Janny Scott’s ‘A Singular Woman,’ a biography of Obama’s mother

Barack Obama first made national news when, in 1990, he was elected the first black president of the Harvard Law Review. He was 28, and lengthy feature articles offered the initial draft of the personal history Americans would come to know well: His life as “a street kid” in Indonesia exposed him to the cruel gap between rich and poor; his correspondence in high school with his economist father in Kenya awakened him to a proud African heritage that “was to be a major influence on his life, ideals and priorities.”

The articles did not name his mother. She was but a passing reference, “a white American from Wichita, Kan.,” and an “anthropologist now doing fieldwork in Indonesia.” Stanley Ann Dunham was thrilled with her son’s accomplishment — and crushed by the omissions. “I was mentioned in one sentence,” she told a friend in Jakarta.

(Ann Gerhart) - "A Singular Woman: The Untold Story of Barack Obama's Mother" by Janny Scott (Riverhead. 376 pp. $26.95)

Yet the key to understanding the disciplined and often impassive 44th president is his mother, as Janny Scott, a reporter for the New York Times, decisively demonstrates in her new biography, “A Singular Woman.”

The solicitousness that can anger liberals, the deliberativeness that can infuriate conservatives, the unusual belief in both empirical research and human goodness, the wicked cutting humor — all of it comes from a woman who broke gender conventions by happenstance rather than design.

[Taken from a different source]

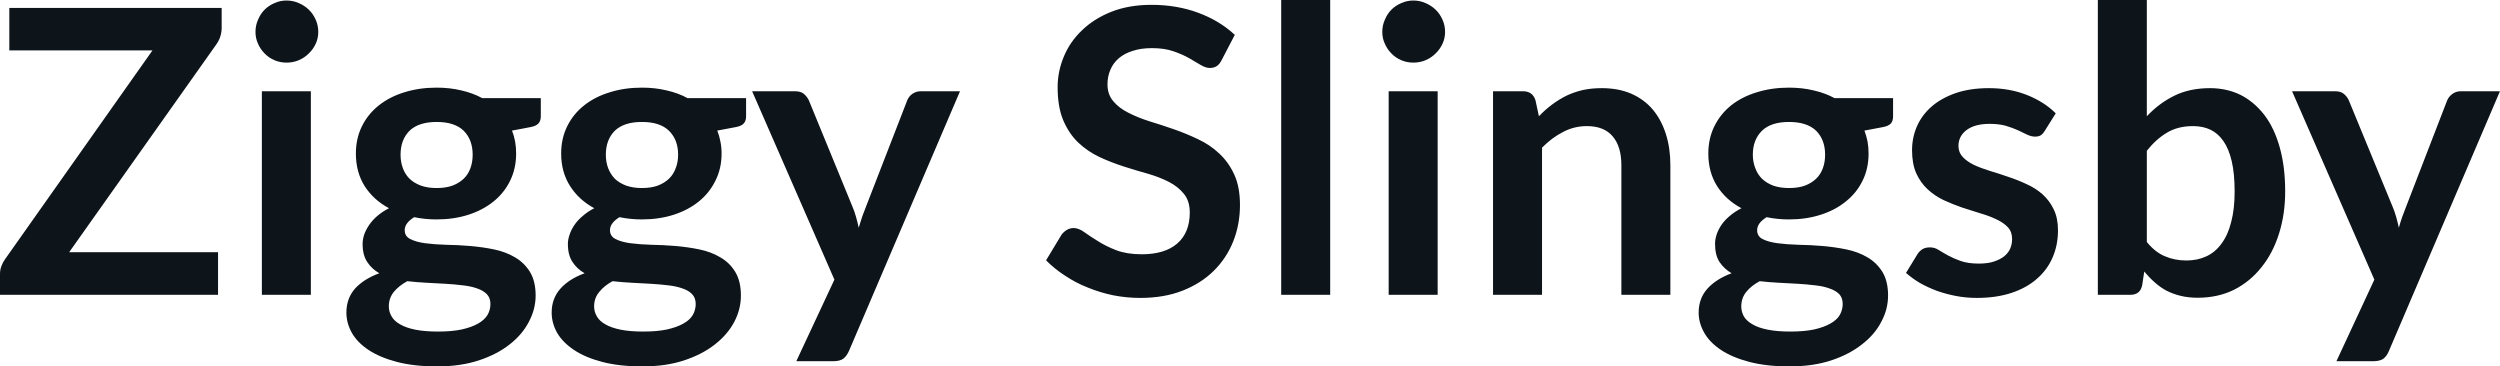 <svg fill="#0d141a" viewBox="0 0 144.923 21.24" height="100%" width="100%" xmlns="http://www.w3.org/2000/svg"><path preserveAspectRatio="none" d="M0.54 0.46L12.85 0.46L12.85 1.60Q12.85 2.13 12.55 2.56L12.55 2.56L4.01 14.62L12.64 14.62L12.64 17.09L0 17.09L0 15.87Q0 15.64 0.08 15.43Q0.16 15.21 0.29 15.03L0.29 15.03L8.84 2.92L0.54 2.92L0.54 0.46ZM15.18 5.29L18.02 5.29L18.02 17.09L15.18 17.09L15.18 5.29ZM18.45 1.85L18.45 1.85Q18.45 2.22 18.30 2.54Q18.15 2.86 17.90 3.10Q17.65 3.35 17.32 3.49Q16.99 3.63 16.61 3.63L16.61 3.63Q16.24 3.63 15.91 3.49Q15.58 3.35 15.34 3.10Q15.10 2.86 14.96 2.54Q14.81 2.22 14.81 1.85L14.81 1.85Q14.81 1.47 14.96 1.14Q15.10 0.80 15.34 0.56Q15.58 0.32 15.91 0.18Q16.24 0.03 16.61 0.03L16.61 0.03Q16.99 0.03 17.32 0.18Q17.65 0.32 17.90 0.56Q18.15 0.80 18.30 1.14Q18.45 1.47 18.45 1.85ZM25.31 5.08L25.31 5.08Q26.07 5.08 26.74 5.24Q27.40 5.39 27.96 5.69L27.96 5.69L31.35 5.69L31.35 6.75Q31.35 7.01 31.21 7.16Q31.07 7.31 30.74 7.37L30.74 7.37L29.68 7.57Q29.80 7.87 29.86 8.20Q29.92 8.53 29.92 8.90L29.92 8.90Q29.92 9.77 29.57 10.48Q29.22 11.19 28.61 11.68Q27.99 12.18 27.15 12.45Q26.30 12.72 25.31 12.72L25.31 12.72Q24.64 12.72 24.01 12.59L24.01 12.59Q23.46 12.93 23.46 13.34L23.46 13.34Q23.46 13.70 23.79 13.86Q24.12 14.03 24.65 14.10Q25.18 14.17 25.86 14.19Q26.54 14.20 27.25 14.26Q27.97 14.32 28.65 14.46Q29.32 14.60 29.86 14.92Q30.39 15.23 30.72 15.76Q31.05 16.30 31.05 17.13L31.05 17.13Q31.05 17.92 30.66 18.65Q30.28 19.39 29.55 19.96Q28.82 20.54 27.76 20.89Q26.70 21.24 25.35 21.24L25.35 21.24Q24.00 21.24 23.01 20.98Q22.02 20.72 21.37 20.29Q20.72 19.86 20.40 19.30Q20.08 18.73 20.08 18.12L20.08 18.12Q20.08 17.30 20.58 16.73Q21.09 16.17 21.99 15.84L21.99 15.84Q21.55 15.59 21.29 15.19Q21.02 14.79 21.02 14.14L21.02 14.14Q21.02 13.88 21.11 13.60Q21.21 13.32 21.40 13.04Q21.59 12.76 21.87 12.52Q22.16 12.27 22.55 12.07L22.55 12.07Q21.65 11.59 21.14 10.79Q20.63 9.98 20.63 8.90L20.63 8.90Q20.63 8.03 20.98 7.32Q21.33 6.61 21.96 6.11Q22.59 5.61 23.44 5.35Q24.30 5.08 25.31 5.08ZM28.43 17.62L28.43 17.62Q28.43 17.27 28.22 17.05Q28.01 16.84 27.66 16.72Q27.30 16.59 26.82 16.54Q26.35 16.48 25.81 16.45Q25.28 16.42 24.71 16.39Q24.14 16.36 23.61 16.30L23.61 16.30Q23.13 16.56 22.83 16.92Q22.54 17.28 22.54 17.76L22.54 17.76Q22.54 18.07 22.70 18.34Q22.85 18.61 23.19 18.80Q23.53 19.00 24.07 19.11Q24.61 19.22 25.39 19.22L25.39 19.22Q26.19 19.22 26.76 19.10Q27.34 18.97 27.71 18.76Q28.08 18.55 28.26 18.26Q28.43 17.96 28.43 17.62ZM25.31 10.90L25.31 10.90Q25.84 10.90 26.23 10.76Q26.62 10.61 26.88 10.36Q27.14 10.11 27.27 9.75Q27.40 9.40 27.40 8.97L27.40 8.97Q27.40 8.10 26.88 7.58Q26.36 7.07 25.31 7.07L25.31 7.07Q24.27 7.07 23.74 7.58Q23.22 8.10 23.22 8.97L23.22 8.97Q23.22 9.38 23.35 9.74Q23.48 10.10 23.74 10.36Q24.00 10.61 24.40 10.76Q24.79 10.90 25.31 10.90ZM37.21 5.08L37.21 5.08Q37.97 5.08 38.64 5.24Q39.31 5.39 39.86 5.69L39.86 5.69L43.25 5.69L43.25 6.75Q43.25 7.01 43.11 7.16Q42.98 7.31 42.64 7.37L42.64 7.37L41.58 7.57Q41.70 7.87 41.76 8.20Q41.83 8.53 41.83 8.90L41.83 8.90Q41.83 9.77 41.47 10.48Q41.12 11.19 40.51 11.68Q39.89 12.18 39.05 12.45Q38.20 12.72 37.21 12.72L37.21 12.72Q36.55 12.72 35.91 12.59L35.91 12.59Q35.36 12.93 35.36 13.34L35.36 13.34Q35.36 13.70 35.69 13.86Q36.02 14.03 36.55 14.10Q37.09 14.17 37.77 14.19Q38.44 14.20 39.16 14.26Q39.87 14.32 40.55 14.46Q41.23 14.60 41.76 14.92Q42.30 15.23 42.62 15.76Q42.95 16.30 42.95 17.13L42.95 17.13Q42.95 17.92 42.57 18.65Q42.18 19.39 41.45 19.96Q40.72 20.54 39.66 20.89Q38.61 21.24 37.25 21.24L37.25 21.24Q35.90 21.24 34.91 20.98Q33.92 20.72 33.28 20.29Q32.63 19.86 32.30 19.30Q31.98 18.73 31.98 18.12L31.98 18.12Q31.98 17.30 32.49 16.73Q32.99 16.17 33.89 15.84L33.89 15.84Q33.45 15.59 33.19 15.19Q32.92 14.79 32.92 14.14L32.92 14.14Q32.92 13.88 33.02 13.60Q33.11 13.32 33.30 13.04Q33.49 12.76 33.78 12.52Q34.06 12.27 34.45 12.07L34.45 12.07Q33.56 11.59 33.05 10.79Q32.53 9.98 32.53 8.90L32.53 8.90Q32.53 8.03 32.88 7.32Q33.23 6.61 33.86 6.11Q34.49 5.61 35.35 5.35Q36.20 5.08 37.21 5.08ZM40.33 17.62L40.33 17.62Q40.33 17.27 40.12 17.05Q39.92 16.84 39.56 16.72Q39.20 16.59 38.73 16.54Q38.25 16.48 37.71 16.45Q37.18 16.42 36.61 16.39Q36.04 16.36 35.51 16.30L35.51 16.30Q35.03 16.56 34.74 16.92Q34.44 17.28 34.44 17.76L34.44 17.76Q34.44 18.07 34.60 18.34Q34.75 18.61 35.09 18.80Q35.43 19.00 35.97 19.11Q36.51 19.22 37.29 19.22L37.29 19.22Q38.09 19.22 38.66 19.10Q39.24 18.97 39.61 18.76Q39.99 18.55 40.16 18.26Q40.33 17.96 40.33 17.62ZM37.21 10.90L37.21 10.90Q37.74 10.90 38.13 10.76Q38.52 10.61 38.78 10.36Q39.04 10.11 39.17 9.75Q39.31 9.40 39.31 8.97L39.31 8.97Q39.31 8.10 38.78 7.58Q38.26 7.07 37.21 7.07L37.21 7.07Q36.17 7.07 35.64 7.58Q35.12 8.10 35.12 8.97L35.12 8.97Q35.12 9.38 35.25 9.74Q35.39 10.10 35.64 10.36Q35.90 10.61 36.30 10.76Q36.70 10.90 37.21 10.90ZM55.65 5.29L49.22 20.33Q49.09 20.63 48.89 20.79Q48.69 20.94 48.28 20.94L48.28 20.94L46.16 20.94L48.37 16.21L43.60 5.29L46.08 5.29Q46.43 5.29 46.61 5.45Q46.79 5.61 46.89 5.82L46.89 5.82L49.40 11.94Q49.53 12.24 49.62 12.56Q49.71 12.88 49.78 13.20L49.78 13.20Q49.88 12.87 49.98 12.56Q50.09 12.25 50.22 11.93L50.22 11.93L52.59 5.82Q52.68 5.59 52.89 5.44Q53.11 5.29 53.37 5.29L53.37 5.29L55.65 5.29ZM71.58 2.02L70.82 3.48Q70.69 3.74 70.52 3.84Q70.36 3.94 70.13 3.94L70.13 3.94Q69.90 3.94 69.61 3.77Q69.32 3.59 68.93 3.37Q68.54 3.15 68.02 2.97Q67.49 2.79 66.78 2.79L66.78 2.79Q66.14 2.79 65.66 2.95Q65.18 3.10 64.85 3.38Q64.53 3.66 64.37 4.04Q64.20 4.43 64.20 4.89L64.20 4.89Q64.20 5.47 64.53 5.86Q64.86 6.26 65.40 6.53Q65.94 6.81 66.63 7.03Q67.32 7.24 68.04 7.49Q68.76 7.74 69.45 8.07Q70.14 8.39 70.68 8.90Q71.22 9.40 71.55 10.12Q71.88 10.84 71.88 11.88L71.88 11.88Q71.88 13.01 71.49 13.99Q71.10 14.97 70.36 15.70Q69.62 16.43 68.55 16.85Q67.48 17.27 66.10 17.27L66.10 17.27Q65.31 17.27 64.54 17.12Q63.77 16.96 63.06 16.67Q62.35 16.39 61.74 15.98Q61.12 15.58 60.64 15.09L60.64 15.09L61.54 13.60Q61.66 13.44 61.84 13.33Q62.02 13.22 62.24 13.22L62.24 13.22Q62.53 13.22 62.86 13.46Q63.19 13.70 63.65 13.98Q64.10 14.27 64.72 14.51Q65.33 14.74 66.19 14.74L66.19 14.74Q67.52 14.74 68.24 14.12Q68.97 13.49 68.97 12.32L68.97 12.32Q68.97 11.66 68.64 11.25Q68.31 10.83 67.77 10.55Q67.23 10.27 66.54 10.07Q65.85 9.88 65.14 9.65Q64.42 9.42 63.73 9.10Q63.04 8.77 62.50 8.26Q61.96 7.74 61.63 6.96Q61.31 6.19 61.31 5.05L61.31 5.05Q61.31 4.14 61.67 3.28Q62.03 2.41 62.73 1.75Q63.42 1.08 64.43 0.68Q65.45 0.28 66.75 0.28L66.75 0.28Q68.22 0.28 69.46 0.74Q70.70 1.20 71.58 2.02L71.58 2.02ZM74.27 0L77.11 0L77.11 17.09L74.27 17.09L74.27 0ZM80.50 5.29L83.34 5.29L83.34 17.09L80.50 17.09L80.50 5.29ZM83.77 1.85L83.77 1.85Q83.77 2.22 83.62 2.54Q83.47 2.86 83.22 3.10Q82.97 3.35 82.64 3.49Q82.31 3.63 81.93 3.63L81.93 3.63Q81.56 3.63 81.23 3.49Q80.90 3.35 80.66 3.10Q80.42 2.86 80.28 2.54Q80.13 2.22 80.13 1.85L80.13 1.85Q80.13 1.47 80.28 1.14Q80.42 0.80 80.66 0.56Q80.90 0.32 81.23 0.18Q81.56 0.03 81.93 0.03L81.93 0.03Q82.31 0.03 82.64 0.18Q82.97 0.32 83.22 0.56Q83.47 0.80 83.62 1.14Q83.77 1.47 83.77 1.85ZM89.39 17.09L86.55 17.09L86.55 5.29L88.29 5.29Q88.84 5.29 89.01 5.81L89.01 5.81L89.21 6.74Q89.56 6.37 89.96 6.07Q90.36 5.77 90.80 5.55Q91.24 5.34 91.75 5.22Q92.25 5.11 92.85 5.11L92.85 5.11Q93.82 5.11 94.56 5.43Q95.31 5.76 95.81 6.35Q96.31 6.95 96.57 7.77Q96.83 8.59 96.83 9.58L96.83 9.58L96.83 17.09L93.99 17.09L93.99 9.58Q93.99 8.50 93.49 7.91Q92.99 7.31 91.99 7.31L91.99 7.31Q91.25 7.31 90.61 7.65Q89.96 7.98 89.39 8.56L89.39 8.56L89.39 17.09ZM103.71 5.08L103.71 5.08Q104.47 5.08 105.13 5.24Q105.80 5.39 106.35 5.69L106.35 5.69L109.74 5.69L109.74 6.75Q109.74 7.01 109.61 7.16Q109.47 7.31 109.14 7.37L109.14 7.37L108.08 7.57Q108.19 7.87 108.26 8.20Q108.32 8.53 108.32 8.90L108.32 8.90Q108.32 9.77 107.97 10.48Q107.62 11.19 107.00 11.68Q106.39 12.18 105.54 12.45Q104.70 12.72 103.71 12.72L103.71 12.72Q103.04 12.72 102.41 12.59L102.41 12.59Q101.86 12.93 101.86 13.34L101.86 13.34Q101.86 13.70 102.18 13.86Q102.51 14.03 103.05 14.10Q103.58 14.17 104.26 14.19Q104.94 14.20 105.65 14.26Q106.36 14.32 107.04 14.46Q107.72 14.60 108.26 14.92Q108.79 15.23 109.12 15.76Q109.45 16.30 109.45 17.13L109.45 17.13Q109.45 17.92 109.06 18.65Q108.68 19.39 107.94 19.96Q107.21 20.54 106.16 20.89Q105.10 21.24 103.74 21.24L103.74 21.24Q102.40 21.24 101.41 20.98Q100.42 20.72 99.77 20.29Q99.12 19.86 98.80 19.30Q98.47 18.73 98.47 18.12L98.47 18.12Q98.47 17.30 98.98 16.73Q99.49 16.17 100.38 15.84L100.38 15.84Q99.95 15.59 99.68 15.19Q99.42 14.79 99.42 14.14L99.42 14.14Q99.42 13.88 99.51 13.60Q99.60 13.32 99.79 13.04Q99.98 12.76 100.27 12.52Q100.56 12.27 100.95 12.07L100.95 12.07Q100.05 11.59 99.54 10.79Q99.03 9.98 99.03 8.90L99.03 8.90Q99.03 8.03 99.38 7.32Q99.73 6.61 100.35 6.11Q100.98 5.61 101.84 5.35Q102.70 5.08 103.71 5.08ZM106.82 17.62L106.82 17.62Q106.82 17.27 106.62 17.05Q106.41 16.84 106.05 16.72Q105.70 16.59 105.22 16.54Q104.74 16.48 104.21 16.45Q103.67 16.42 103.10 16.39Q102.53 16.36 102.01 16.30L102.01 16.30Q101.52 16.56 101.23 16.92Q100.94 17.28 100.94 17.76L100.94 17.76Q100.94 18.07 101.09 18.34Q101.25 18.61 101.59 18.80Q101.92 19.00 102.47 19.11Q103.01 19.22 103.79 19.22L103.79 19.22Q104.58 19.22 105.16 19.10Q105.73 18.97 106.10 18.76Q106.48 18.55 106.65 18.26Q106.82 17.96 106.82 17.62ZM103.71 10.90L103.71 10.90Q104.24 10.90 104.63 10.76Q105.02 10.61 105.28 10.36Q105.54 10.11 105.67 9.75Q105.80 9.40 105.80 8.97L105.80 8.97Q105.80 8.10 105.28 7.58Q104.75 7.07 103.71 7.07L103.71 7.07Q102.66 7.07 102.14 7.58Q101.61 8.10 101.61 8.97L101.61 8.97Q101.61 9.38 101.75 9.74Q101.88 10.10 102.14 10.36Q102.40 10.61 102.79 10.76Q103.19 10.90 103.71 10.90ZM119.17 6.57L118.53 7.59Q118.42 7.77 118.29 7.85Q118.16 7.92 117.97 7.92L117.97 7.92Q117.76 7.92 117.52 7.81Q117.29 7.69 116.98 7.55Q116.67 7.41 116.27 7.29Q115.87 7.18 115.33 7.18L115.33 7.18Q114.49 7.18 114.01 7.53Q113.53 7.89 113.53 8.46L113.53 8.46Q113.53 8.84 113.78 9.10Q114.02 9.36 114.43 9.56Q114.84 9.75 115.36 9.91Q115.87 10.06 116.41 10.25Q116.96 10.43 117.47 10.67Q117.99 10.90 118.40 11.26Q118.81 11.63 119.05 12.13Q119.30 12.64 119.30 13.35L119.30 13.35Q119.30 14.20 118.99 14.92Q118.68 15.64 118.08 16.16Q117.48 16.69 116.60 16.98Q115.72 17.27 114.59 17.27L114.59 17.27Q113.98 17.27 113.40 17.16Q112.82 17.05 112.28 16.86Q111.75 16.66 111.29 16.40Q110.84 16.13 110.49 15.82L110.49 15.82L111.15 14.74Q111.27 14.55 111.45 14.44Q111.62 14.34 111.88 14.34L111.88 14.34Q112.15 14.34 112.38 14.49Q112.62 14.64 112.93 14.81Q113.24 14.98 113.66 15.13Q114.08 15.28 114.72 15.28L114.72 15.28Q115.23 15.28 115.59 15.16Q115.95 15.04 116.19 14.85Q116.43 14.65 116.54 14.39Q116.64 14.13 116.64 13.86L116.64 13.86Q116.64 13.44 116.40 13.18Q116.15 12.91 115.74 12.72Q115.33 12.52 114.81 12.37Q114.29 12.21 113.74 12.03Q113.19 11.84 112.67 11.60Q112.15 11.35 111.74 10.97Q111.33 10.59 111.08 10.04Q110.84 9.49 110.84 8.71L110.84 8.71Q110.84 7.98 111.12 7.33Q111.41 6.67 111.97 6.18Q112.53 5.69 113.36 5.40Q114.20 5.11 115.29 5.11L115.29 5.11Q116.51 5.11 117.51 5.51Q118.51 5.91 119.17 6.57L119.17 6.57ZM123.49 17.09L121.61 17.09L121.61 0L124.45 0L124.45 6.74Q125.15 5.99 126.04 5.55Q126.93 5.11 128.11 5.11L128.11 5.11Q129.08 5.11 129.88 5.50Q130.67 5.90 131.26 6.66Q131.84 7.42 132.15 8.53Q132.47 9.65 132.47 11.10L132.47 11.10Q132.47 12.42 132.11 13.55Q131.76 14.67 131.09 15.50Q130.43 16.33 129.50 16.80Q128.56 17.26 127.40 17.26L127.40 17.26Q126.86 17.26 126.41 17.15Q125.96 17.04 125.59 16.85Q125.22 16.65 124.91 16.37Q124.59 16.09 124.30 15.74L124.30 15.74L124.18 16.54Q124.11 16.84 123.94 16.96Q123.77 17.09 123.49 17.09L123.49 17.09ZM127.13 7.31L127.13 7.31Q126.25 7.31 125.62 7.69Q124.99 8.06 124.45 8.74L124.45 8.74L124.45 14.03Q124.94 14.63 125.51 14.86Q126.07 15.10 126.74 15.10L126.74 15.10Q127.39 15.10 127.90 14.86Q128.42 14.62 128.78 14.12Q129.15 13.63 129.34 12.87Q129.54 12.12 129.54 11.10L129.54 11.10Q129.54 10.06 129.37 9.34Q129.20 8.62 128.89 8.18Q128.58 7.73 128.14 7.52Q127.70 7.31 127.13 7.31ZM144.92 5.29L138.49 20.33Q138.37 20.63 138.17 20.79Q137.97 20.94 137.55 20.94L137.55 20.94L135.44 20.94L137.64 16.21L132.87 5.29L135.36 5.29Q135.70 5.29 135.88 5.45Q136.07 5.61 136.16 5.82L136.16 5.82L138.68 11.94Q138.81 12.24 138.90 12.56Q138.99 12.88 139.06 13.20L139.06 13.20Q139.15 12.87 139.26 12.56Q139.37 12.25 139.50 11.93L139.50 11.93L141.86 5.82Q141.96 5.59 142.17 5.44Q142.38 5.29 142.65 5.29L142.65 5.29L144.92 5.29Z"></path></svg>

A bookish outsider and only child, she was plunked down in Hawaii the year after it became a state by her restless father and her resolute mother. In her first months as a college freshman, at 17 years old, she got pregnant by her first boyfriend, an older student from Kenya named Barack Hussein Obama, who married her but left her when the baby was 11 months old. Twice, she married men from different cultures and races, then divorced them. With the help of her parents, she raised two biracial children as a single mother on the Pacific islands of two nations, got degrees in math and anthropology, spent years in peasant villages studying Javanese cottage industries, and pieced together grants and development work to make money and provide for her children’s education. Colleagues credit her with helping pioneer microcredit as a tool for lifting women out of poverty.

As a journalist who has explored how women compose an authentic life for themselves as the partners and confidants of powerful male politicians, I have often been irritated by Obama’s reductive descriptions of his mother, who died in 1995 in Honolulu as he began his run for state Senate in Chicago. “She was just the sweetest woman that I knew and really a wonderful spirit,” he told Larry King in 2006.

Scott pointedly notes: “The president’s mother has served as any of a number of useful oversimplifications. In the capsule version of Obama’s life story, she is the white woman from Kansas coupled alliteratively with the black father from Kenya. She is corn-fed, white-bread, whatever Kenya is not. In ‘Dreams from My Father,’ the memoir that helped power Obama’s ascent, she is the shy, small-town girl who falls head over heels for the brilliant, charismatic African who steals the show. In the next chapter, she is the naive idealist, the innocent abroad. In Obama’s presidential campaign, she was the struggling single mother, the food stamp recipient, the victim of a health-care system gone awry, pleading with her insurance company for coverage as her life slipped away.”